Sabedor el rey Felipe del disparatado tren de vida, pleno de lujo y ostentación, que llevaba el joven Antonio Pérez en el Madrid imperial, exigió a su secretario que pusiera fin a vida tan disoluta y se casara, para firmar oficialmente su nombramiento. Esta faceta de crápula la mantendrá Antonio Pérez durante buena parte de su vida, quien, una vez secretario, se entrega a los brazos (y a la cama) de la princesa de Éboli, doña Ana de Mendoza y la Cerda (1540-1592), viuda ya de don Rui Gómes, el mentor de Antonio Pérez.
Por su educación, doña Ana tuvo un carácter orgulloso, dominante y altivo, pero también voluble, rebelde y apasionado, todo lo cual le venía dado por sangre de los antiguos Mendozas. De la infancia de esta mujer, no hay noticias destacadas, salvo aquella que dice que era tuerta. En torno a esta lesión física hay una leyenda que atribuye la pérdida del ojo a una caída del caballo o a la práctica de esgrima, pero este dato no es fiable; quizás no fuera tuerta, sino bizca. Sea como fuere, lo cierto es que quienes la conocieron alabaron su belleza, a pesar del parche negro que la adornaba. Por otra parte, Antonio Pérez acrecentó aún más si cabe su fama de persona dada a los lujos, alegres reuniones y opíparos festines, para cuyo mantenimiento se vio obligado a recurrir a turbios asuntos cargados de corruptelas en los que la Historia involucra presuntamente a su amante doña Ana de Mendoza.
Aunque lentamente, Antonio Pérez había ido ganándose la confianza de Felipe II, pasando a ser uno de los más destacados miembros del partido ebolista, enfrentado con el otro grupo de poder en la corte, los partidarios del Duque de Alba. Tal fue la confianza que don Antonio consiguió del rey, que le encargó la elección de una persona de su entorno para espiar a su hermanastro don Juan de Austria (1545-1578), que aspiraba a tener su propio reino, contrayendo matrimonio con María Estuardo, reina de Escocia, reino que ampliaría luego apoderándose de Inglaterra. Resultó elegido don Juan de Escobedo, otro protegido, al igual que Antonio Pérez, del difunto príncipe de Éboli. Pero parece ser que, al conocer Escobedo las relaciones que Pérez mantenía con la viuda de su protector, censuró su comportamiento y decidió abandonar al secretario para apoyar las opiniones de don Juan, que por entonces el rey había destinado a los Países Bajos como Gobernador General.

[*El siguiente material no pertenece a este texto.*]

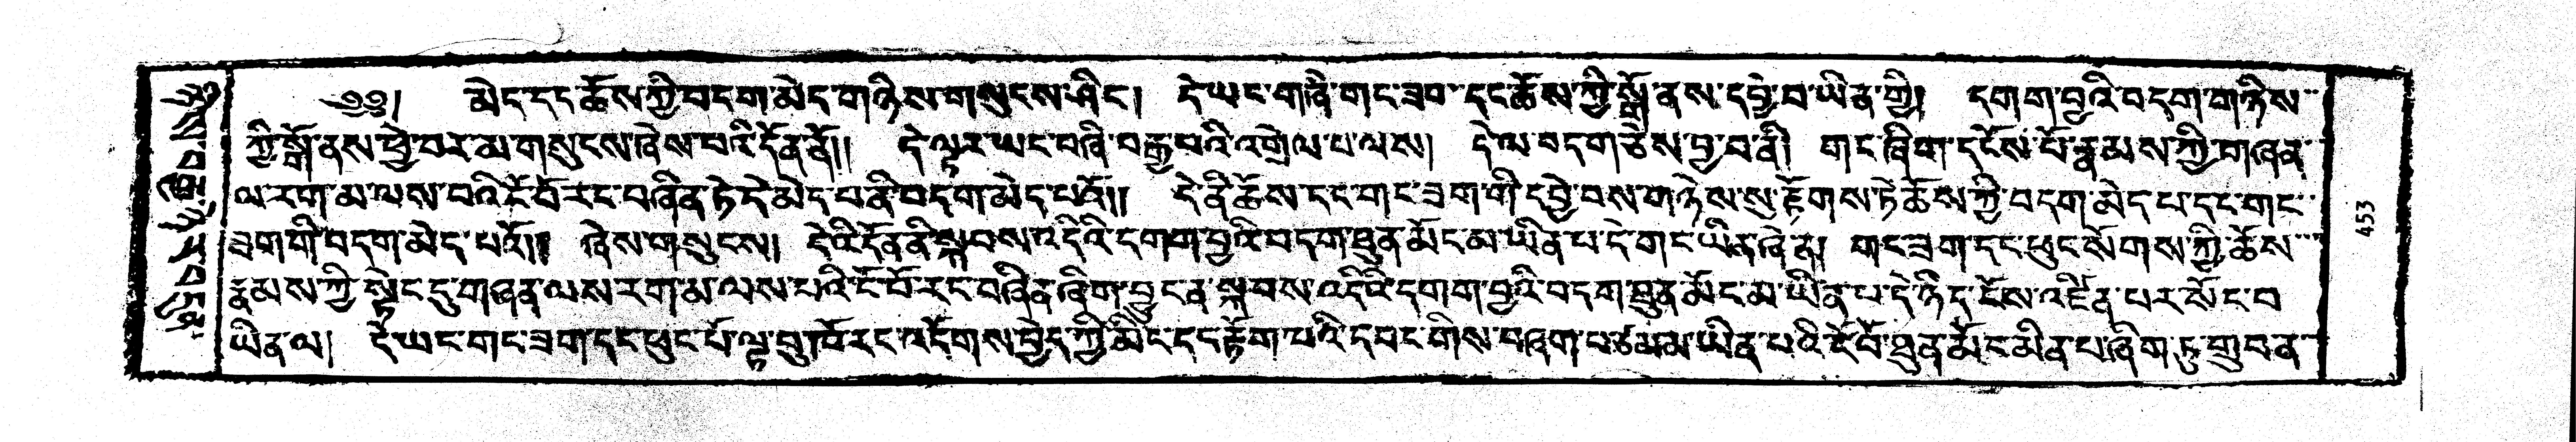༄༅། །མེད་དང་ཆོས་ཀྱི་བདག་མེད་གཉིས་གསུངས་ཤིང་། དེ་ཡང་གཞི་གང་ཟག་དང་ཆོས་ཀྱི་སྒོ་ནས་དབྱེ་བ་ཡིན་གྱི། དགག་བྱའི་བདག་གཉིས་
ཀྱི་སྒོ་ནས་ཕྱེ་བར་མ་གསུངས་ཞེས་པའི་དོན་ནོ། །དེ་ལྟར་ཡང་བཞི་བརྒྱ་བའི་འགྲེལ་པ་ལས། དེ་ལ་བདག་ཅེས་བྱ་བ་ནི། གང་ཞིག་དངོས་པོ་རྣམས་ཀྱི་གཞན་
ལ་རག་མ་ལས་པའི་ངོ་བོ་རང་བཞིན་ཏེ་དེ་མེད་པ་ནི་བདག་མེད་པའོ། །དེ་ནི་ཆོས་དང་གང་ཟག་གི་དབྱེ་བས་གཉེས་སུ་རྟོགས་ཏེ་ཆོས་ཀྱི་བདག་མེད་པ་དང་གང་
ཟག་གི་བདག་མེད་པའོ། །ཞེས་གསུངས། དེའི་དོན་ནི་སྐབས་འདིའི་དགག་བྱའི་བདག་ཐུན་མོང་མ་ཡིན་པ་དེ་གང་ཡིན་ཞེ་ན། གང་ཟག་དང་ཕུང་སོགས་ཀྱི་ཆོས་
རྣམས་ཀྱི་སྟེང་དུ་གཞན་ལས་རག་མ་ལས་པའི་ངོ་བོ་རང་བཞིན་ཞིག་བྱུང་ན་སྐབས་འདིའི་དགག་བྱའི་བདག་ཐུན་མོང་མ་ཡིན་པ་དེ་ཉིད་ངོས་འཛིན་པར་སོང་བ་
ཡིན་ལ། དེ་ཡང་གང་ཟག་དང་ཕུང་པོ་ལྟ་བུ་ཁོ་རང་འདོགས་བྱེད་ཀྱི་མིང་དང་རྟོག་པའི་དབང་གིས་བཞག་པ་ཙམ་མ་ཡིན་པའི་ངོ་བོ་ཐུན་མོང་མིན་པ་ཞིག་ཏུ་གྲུབ་ན་

El enfrentamiento con Escobedo provocó la pronta caída de Pérez, que, herido en su amor propio, decidió perder a su amigo. La ocasión para su venganza se le presentó con motivo de una visita oficial que Escobedo hizo a Madrid, enviado por don Juan para recabar mayores apoyos en su política flamenca. Don Antonio acusó a Escobedo ante Felipe II de fomentar los ambiciosos planes de poder de don Juan de Austria. El rey se dejó convencer por su secretario y, según posteriores declaraciones de éste, le autorizó a que atentara contra la vida de Escobedo, que resultaría muerto a estocadas por asesinos pagados en una calle de Madrid el 23 marzo de 1578. El clamor popular inculpó del asesinato a Pérez y la familia de Escobedo pidió justicia ante el rey.

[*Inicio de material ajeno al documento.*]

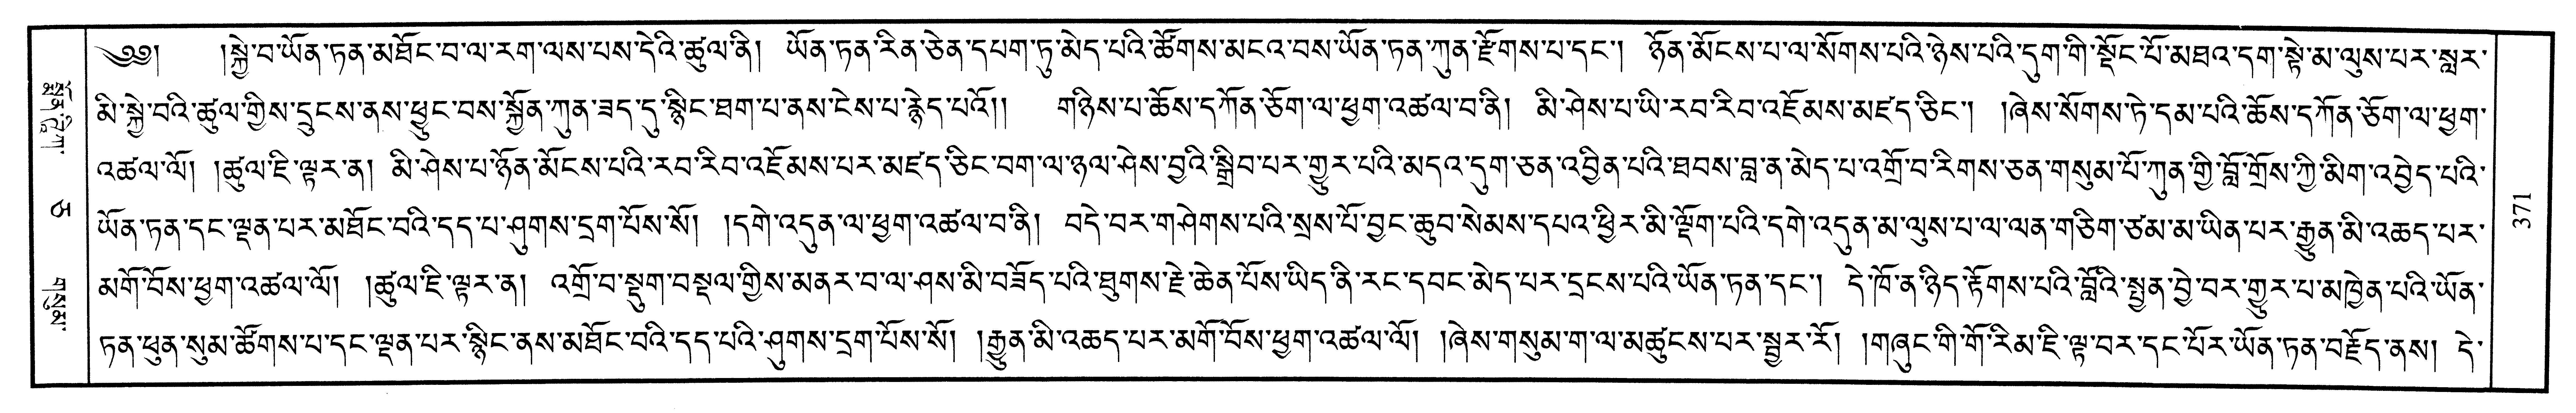༄༅། །སྐྱེ་བ་ཡོན་ཏན་མཐོང་བ་ལ་རག་ལས་པས་དེའི་ཚུལ་ནི། ཡོན་ཏན་རིན་ཅེན་དཔག་ཏུ་མེད་པའི་ཚོགས་མངའ་བས་ཡོན་ཏན་ཀུན་རྫོགས་པ་དང་། ཉོན་མོངས་པ་ལ་སོགས་པའི་ཉེས་པའི་དུག་གི་སྡོང་པོ་མཐའ་དག་སྟེ་མ་ལུས་པར་སླར་
མི་སྐྱེ་བའི་ཚུལ་གྱིས་དྲུངས་ནས་ཕྱུང་བས་སྐྱོན་ཀུན་ཟད་དུ་སྙིང་ཐག་པ་ནས་ངེས་པ་རྙེད་པའོ།། གཉིས་པ་ཆོས་དཀོན་ཅོག་ལ་ཕྱག་འཚལ་བ་ནི། མི་ཤེས་པ་ཡི་རབ་རིབ་འཇོམས་མཛད་ཅིང་། །ཞེས་སོགས་ཏེ་དམ་པའི་ཆོས་དཀོན་ཅོག་ལ་ཕྱག་
འཚལ་ལོ། །ཚུལ་ཇི་ལྟར་ན། མི་ཤེས་པ་ཉོན་མོངས་པའི་རབ་རིབ་འཇོམས་པར་མཛད་ཅིང་བག་ལ་ཉལ་ཤེས་བྱའི་སྒྲིབ་པར་གྱུར་པའི་མདའ་དུག་ཅན་འབྱིན་པའི་ཐབས་བླ་ན་མེད་པ་འགྲོ་བ་རིགས་ཅན་གསུམ་པོ་ཀུན་གྱི་བློ་གྲོས་ཀྱི་མིག་འབྱེད་པའི་
ཡོན་ཏན་དང་ལྡན་པར་མཐོང་བའི་དད་པ་ཤུགས་དྲག་པོས་སོ། །དགེ་འདུན་ལ་ཕྱག་འཚལ་བ་ནི། བདེ་བར་གཤེགས་པའི་སྲས་པོ་བྱང་ཆུབ་སེམས་དཔའ་ཕྱིར་མི་ལྡོག་པའི་དགེ་འདུན་མ་ལུས་པ་ལ་ལན་གཅིག་ཙམ་མ་ཡིན་པར་རྒྱུན་མི་འཆད་པར་
མགོ་བོས་ཕྱག་འཚལ་ལོ། །ཚུལ་ཇི་ལྟར་ན། འགྲོ་བ་སྡུག་བསྔལ་གྱིས་མནར་བ་ལ་ཤས་མི་བཟོད་པའི་ཐུགས་རྗེ་ཆེན་པོས་ཡིད་ནི་རང་དབང་མེད་པར་དྲངས་པའི་ཡོན་ཏན་དང་། དེ་ཁོ་ན་ཉིད་རྟོགས་པའི་བློའི་སྤྱན་བྱེ་བར་གྱུར་པ་མཁྱེན་པའི་ཡོན་
ཏན་ཕུན་སུམ་ཚོགས་པ་དང་ལྡན་པར་སྙིང་ནས་མཐོང་བའི་དད་པའི་ཤུགས་དྲག་པོས་སོ། །རྒྱུན་མི་འཆད་པར་མགོ་བོས་ཕྱག་འཚལ་ལོ། །ཞེས་གསུམ་ག་ལ་མཚུངས་པར་སྦྱར་རོ། །གཞུང་གི་གོ་རིམ་ཇི་ལྟ་བར་དང་པོར་ཡོན་ཏན་བརྗོད་ནས། དེ་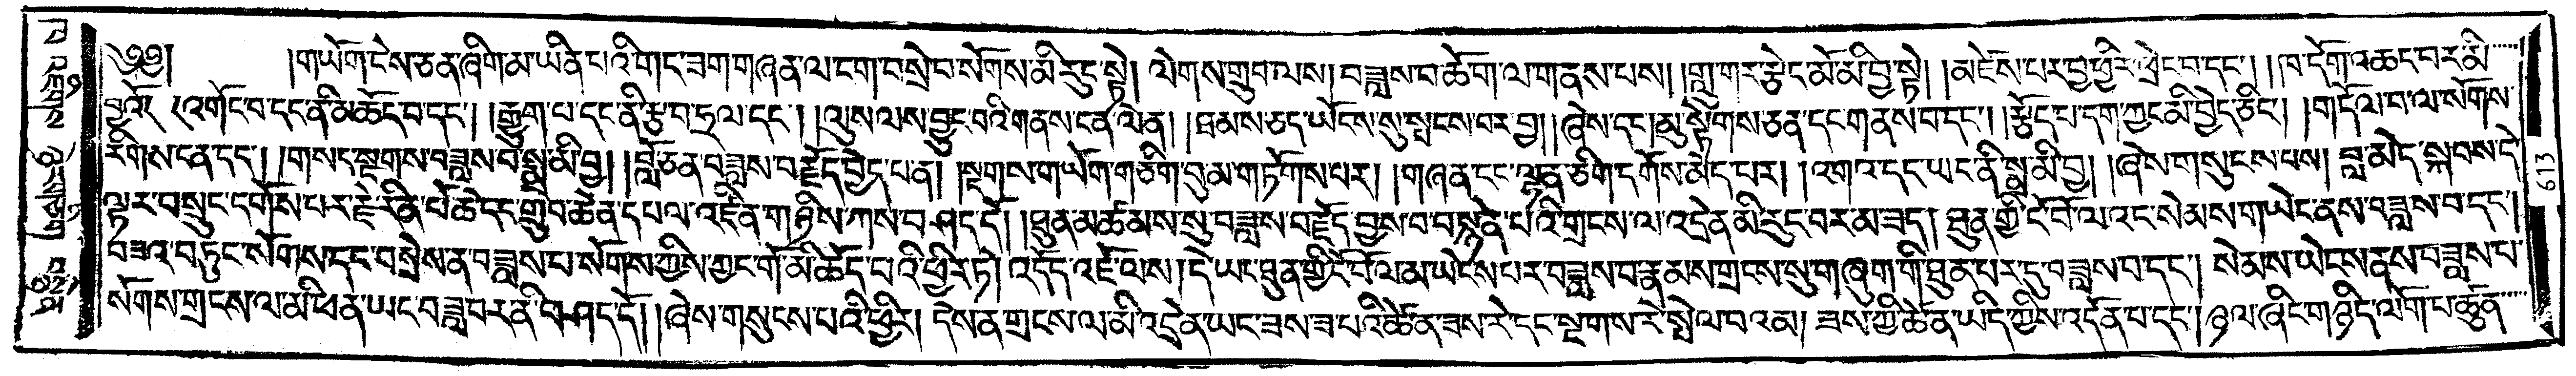༄༅། །གཡོག་ངེས་ཅན་ཞིག་མ་ཡིན་པའི་གང་ཟག་གཞན་ལ་ངག་བསྲེ་བ་སོགས་མི་རུང་སྟེ། ལེགས་གྲུབ་ལས། བཟླས་པ་ཆོ་ག་ལ་གནས་པས། །གླུ་གར་རྩེང་མོ་མི་བྱ་སྟེ། །མཛེས་པར་བྱ་ཕྱིར་ཕྲེང་བ་དང་། །ཁ་དོག་འཆང་པར་མི་
བྱའོ༑ ༑འགོང་བ་དང་ནི་མཆོད་བ་དང་། །རྒྱུག་པ་དང་ནི་རྩ་བ་ཧྲལ་དང་། །ལུས་ལས་བྱུང་བའི་གནས་ངན་ལེན། །ཐམས་ཅད་ཡོངས་སུ་སྤངས་བར་བྱ། །ཞེས་དང་། མུ་སྟེགས་ཅན་དང་གནས་བ་དང་། །རྩོད་པ་དག་ཀྱང་མི་བྱེད་ཅིང་། །གདོལ་བ་ལ་སོགས་
རིགས་ངན་དང་། །གསང་སྔགས་བཟླས་བ་སྨྲ་མི་བྱ། །བློ་ཅན་བཟླས་བརྗོད་བྱེད་པ་ན། །སྔགས་གཡོག་གཅིག་བུ་མ་གཏོགས་པར། །གཞན་དང་ལྷན་ཅིག་དགོས་མེད་པར། །འགའ་དང་ཡང་ནི་སྨྲ་མི་བྱ། །ཞེས་གསུངས་པས། བླ་མེད་སྐབས་དེ་
ལྟར་བསྲུང་དགོས་པར་རྗེ་རིན་པོ་ཆེ་དང་གྲུབ་ཆེན་དཔལ་འཛིན་གཉིས་ཀས་བཤད་དོ། །ཐུན་མཚམས་སུ་བཟླས་བརྗོད་བྱས་པ་བསྙེན་པའི་གྲངས་ལ་འདྲེན་མི་རུང་བར་མ་ཟད། ཐུན་གྱི་ངོ་བོ་ལའང་སེམས་གཡེང་ནས་བཟླས་བ་དང་།
བཟའ་བཏུང་སོགས་དང་བསྲེས་ན་བཟླས་པ་སོགས་ཀྱིས་ཀྱང་གོ་མི་ཆོད་བའི་ཕྱིར་ཏེ། འདོད་འཇོ་ལས། དེ་ཡང་ཐུན་གྱི་ངོ་བོ་ལམ་ཡེངས་པར་བཟླས་བ་རྣམས་གྲངས་སུ་གཞུག་གི་ཐུན་པར་དུ་བཟླས་བ་དང་། སེམས་ཡེངས་ནས་བཟླས་པ་
སོགས་གྲངས་ལ་མི་ཕན་ཡང་བཟླ་བར་ནི་བཤད་དོ། །ཞེས་གསུངས་པའི་ཕྱིར། དེས་ན་གྲངས་ལ་མི་འདྲེན་ཡང་ཟས་ཟ་པའི་ཚེ་ན་ཟས་རེ་དང་སྔགས་རེ་སྤེལ་བའམ། ཟས་ཀྱི་ཚེ་ན་ཡིད་ཀྱིས་འདོན་པ་དང་། ཉལ་ཞིང་གཉིད་ལོག་པ་ཚུན་

Este error político fue rápidamente aprovechado por los enemigos de Pérez, que suscitaron la sombra de la duda en el ánimo del monarca. Felipe II, recelando que había sido juguete de las intrigas de su secretario, le mandó prender. Se inició una investigación en la que se descubrió la culpabilidad del secretario. Felipe relevó a Pérez por el anciano cardenal Nicolás Perremot de Granvela (1517-1586) y Antonio era detenido y encarcelado el 28 de julio de 1579.

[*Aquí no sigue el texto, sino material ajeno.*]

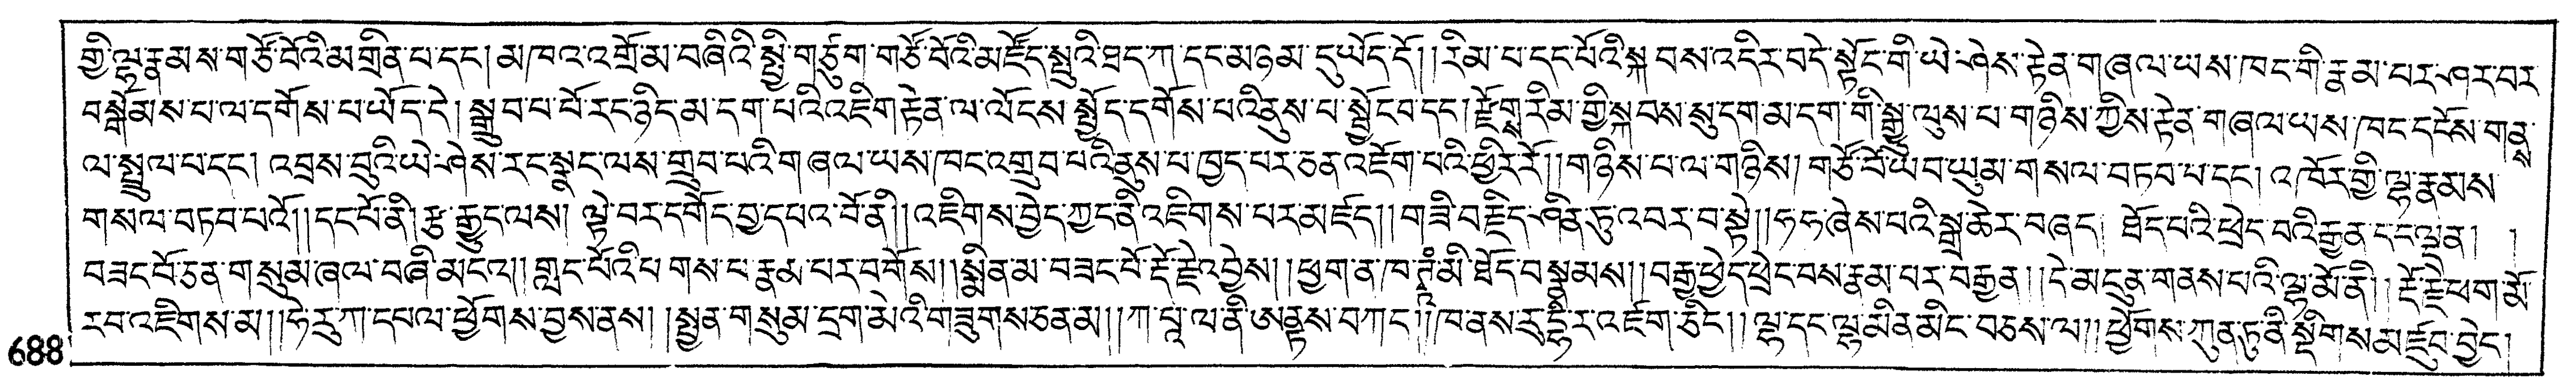གྱི་ལྷ་རྣམས་གཙོ་བོའི་མགྲིན་པ་དང་། མཁའ་འགྲོ་མ་བཞིའི་སྤྱི་གཙུག་གཙོ་བོའི་མཛོད་སྤུའི་ཐད་ཀ་དང་མཉམ་དུ་ཡོད་དོ། །རིམ་པ་དང་པོའི་སྐབས་འདིར་བདེ་སྟོང་གི་ཡེ་ཤེས་རྟེན་གཞལ་ཡས་ཁང་གི་རྣམ་པར་ཤར་བར་
བསྒོམས་པ་ལ་དགོས་པ་ཡོད་དེ། སྒྲུབ་པ་པོ་རང་ཉིད་མ་དག་པའི་འཇིག་རྟེན་ལ་ལོངས་སྤྱོད་དགོས་པའི་ནུས་པ་སྦྱོང་བ་དང་། རྫོགས་རིམ་གྱི་སྐབས་སུ་དག་མ་དག་གི་སྒྱུ་ལུས་པ་གཉིས་ཀྱིས་རྟེན་གཞལ་ཡས་ཁང་དངོས་གནས་
ལ་སྤྲུལ་པ་དང་། འབྲས་བུའི་ཡེ་ཤེས་རང་སྣང་ལས་གྲུབ་པའི་གཞལ་ཡས་ཁང་འགྲུབ་པའི་ནུས་པ་ཁྱད་པར་ཅན་འཇོག་པའི་ཕྱིར་རོ། །གཉིས་པ་ལ་གཉིས། གཙོ་བོ་ཡབ་ཡུམ་གསལ་བཏབ་པ་དང་། འཁོར་གྱི་ལྷ་རྣམས་
གསལ་བཏབ་པའོ། །དང་པོ་ནི། རྩ་རྒྱུད་ལས། ལྟེ་བར་དགོད་བྱ་དཔའ་བོ་ནི། །འཇིགས་བྱེད་ཀྱང་ནི་འཇིགས་པར་མཛད། །གཟི་བརྗིད་ཤིན་ཏུ་འབར་བ་སྟེ། །ཧ་ཧ་ཞེས་པའི་སྒྲ་ཆེར་བཞད། ཐོད་པའི་ཕྲེང་བའི་རྒྱན་དང་ལྡན། །
བཟང་པོ་ཅན་གསུམ་ཞལ་བཞི་མངའ། །གླང་པོའི་པགས་པ་རྣམ་པར་བགོས། །སྨིན་མ་བཟང་པོ་རྡོ་རྗེ་འབྱེས། །ཕྱག་ན་ཁ་ཊྭཱཾ་མི་ཐོད་བ་སྣམས། །བརྒྱ་ཕྱེད་ཕྲེང་བས་རྣམ་པར་བརྒྱན། །དེ་མདུན་གནས་པའི་ལྷ་མོ་ནི། །རྡོ་རྗེ་ཕག་མོ་
རབ་འཇིགས་མ། །ཧེ་རུ་ཀ་དཔལ་ཕྱོགས་བྱས་ནས། །སྤྱན་གསུམ་དྲག་མེའི་གཟུགས་ཅན་མ། །ཀ་པཱ་ལ་ནི་ཨནྟས་བཀང་། །ཁ་ནས་རུ་དྷི་ར་འཛག་ཅིང་། །ལྷ་དང་ལྷ་མིན་མིང་བཅས་ལ། །ཕྱོགས་ཀུན་ཏུ་ནི་སྡིགས་མཛུབ་བྱེད།

La causa por la que Pérez fue enjuiciado se limitaba a asuntos de corrupción, sin profundizar en el asesinato de Escobedo. El proceso se prolongó once años, sin que se llegase a nada concluyente. Pérez fue condenado a 2 años de cárcel y 10 de destierro, pero, simultáneamente, se inició el proceso por el asesinato de Escobedo, que acabó con la acusación formal y tortura del reo. Corría el mes de junio de 1589 y Pérez se vio perdido, por lo que comenzó a pensar en la huida
Incomprensiblemente, Antonio Pérez logró fugarse de su cárcel de Madrid, y el 19 de abril de 1590 llegaba a Aragón, buscando amparo, valiéndose de su condición de hijo de aragonés, en los fueros de aquel antiguo reino, donde, en virtud del privilegio de manifestación, se puso bajo la protección del Justicia foral, don Juan de Lanuza. No obstante, el magistrado ordenó su reclusión en una cárcel de Zaragoza.
Legalmente, el rey no podía enjuiciar en Aragón a un reo que hubiese cometido su crimen en el reino de Castilla, por lo que recurrió al único tribunal que tenía competencias en todo el territorio peninsular, la Santa Inquisición. Por presión real, Antonio Pérez fue acusado de herejía y se dispuso su traslado a una cárcel inquisitorial, sin que previamente hubiese dado su consentimiento el Justicia de Aragón, que interpretó tal decisión como una agresión a los fueros aragoneses.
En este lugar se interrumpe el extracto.